代わりに馬車のすぐ横をトールが操縦する馬に二人乗りで移動するマリンと目が合いフリフリ~と手を振ればすぐさまにっと笑うマリンが振り返してくれた。
「トールもマリンも疲れないのかなぁ…」
「あの二人は鍛えられてるから問題ないよ」
「ふ~ん…顔はそっくりなのに全然性格違うよね、トールが笑うとこ見た事ない。てかあまり僕と喋ってくれない」
「……私も怒られてばかりだな」
「う~わ、トールに迷惑かけるの辞めろよな~」
普段のマリンへのあれやこれやを棚に上げ言う僕に対し、持ち込んだ資料を眺めていたクオーツはクスッと笑うと資料を傍らに置き、突然ぽんぽんと自分の膝を叩く。
……なんだ、その合図。
「そんなに暇なら、馬は無理でも私の膝の上で騎乗位―――」
「殴るぞ」
「うそうそ。おいで、寝てていいよ」
「……男の膝枕ほど寝心地悪いもんは無いんだからな」
「ふふ、試してみて」
どうせ暇だし…尻も疲れてきたとこだし…と自分に言い訳をするようにブツブツ呟きながらのそのそクオーツに近寄ると一気にゴロンっと横になる。
足を伸ばしても余裕のソファは馬車がそれだけ大きいということ。決して僕が小さいとかそういうことじゃない。

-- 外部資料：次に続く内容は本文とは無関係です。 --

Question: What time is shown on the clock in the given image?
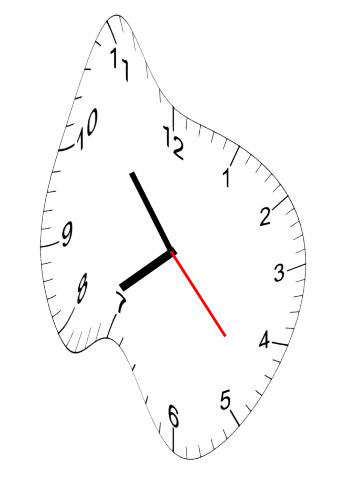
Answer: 07:53:23
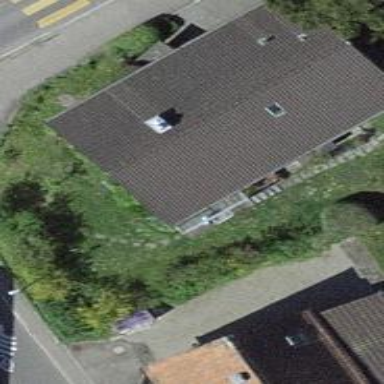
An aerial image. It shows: Gabled roof on residential building.
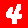
Digit: 4
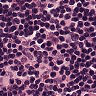
Metastatic tissue present: no
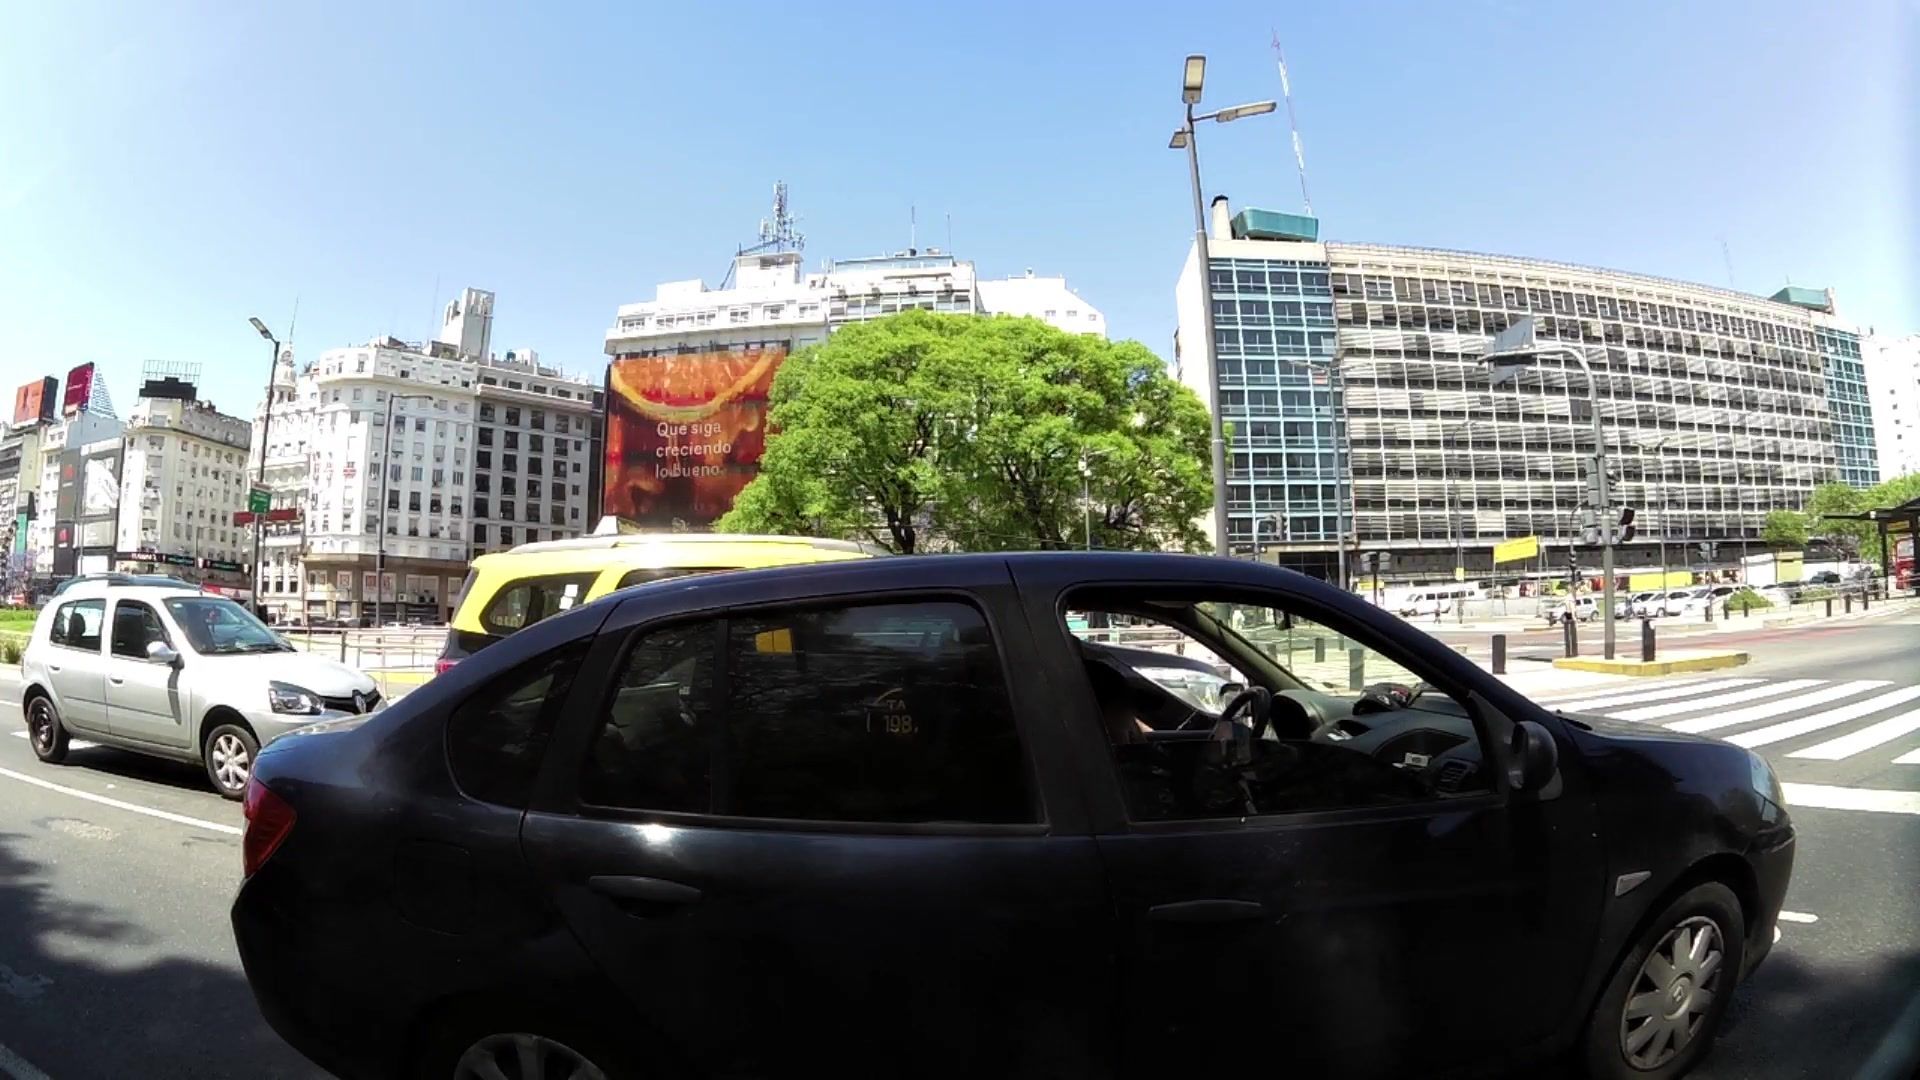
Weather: clear
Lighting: day
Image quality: good
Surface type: driving surface
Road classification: trunk
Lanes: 5.0
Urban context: urban centre
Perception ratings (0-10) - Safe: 5.28, Lively: 9.26, Beautiful: 6.4, Boring: 1.75, Depressing: 4.2, Wealthy: 8.13

具合のいいとこを見つけるためしばらくゴソゴソしてやっと見つけたフィット位置にむふんっと満足すると、不意にふわっと漂う番のフェロモンがさらに満足度を底上げする。
「満足ですか?」
「苦しゅうない」
「ふふ、ゆっくりお休み。休憩地点に着いたら起こしてあげる」
落ち着く番のフェロモンと、頭を撫でる優しい手つきによってすぐさまとろんと落ちはじめる瞼は、クオーツの言葉にギリ「ん…」と生返事を返せたかどうか……あっという間に夢の世界へ旅立っていた。
次に目覚めたのは休憩時間を知らせる優しい報せ――とは全く違う、けたたましい馬のいななきだった。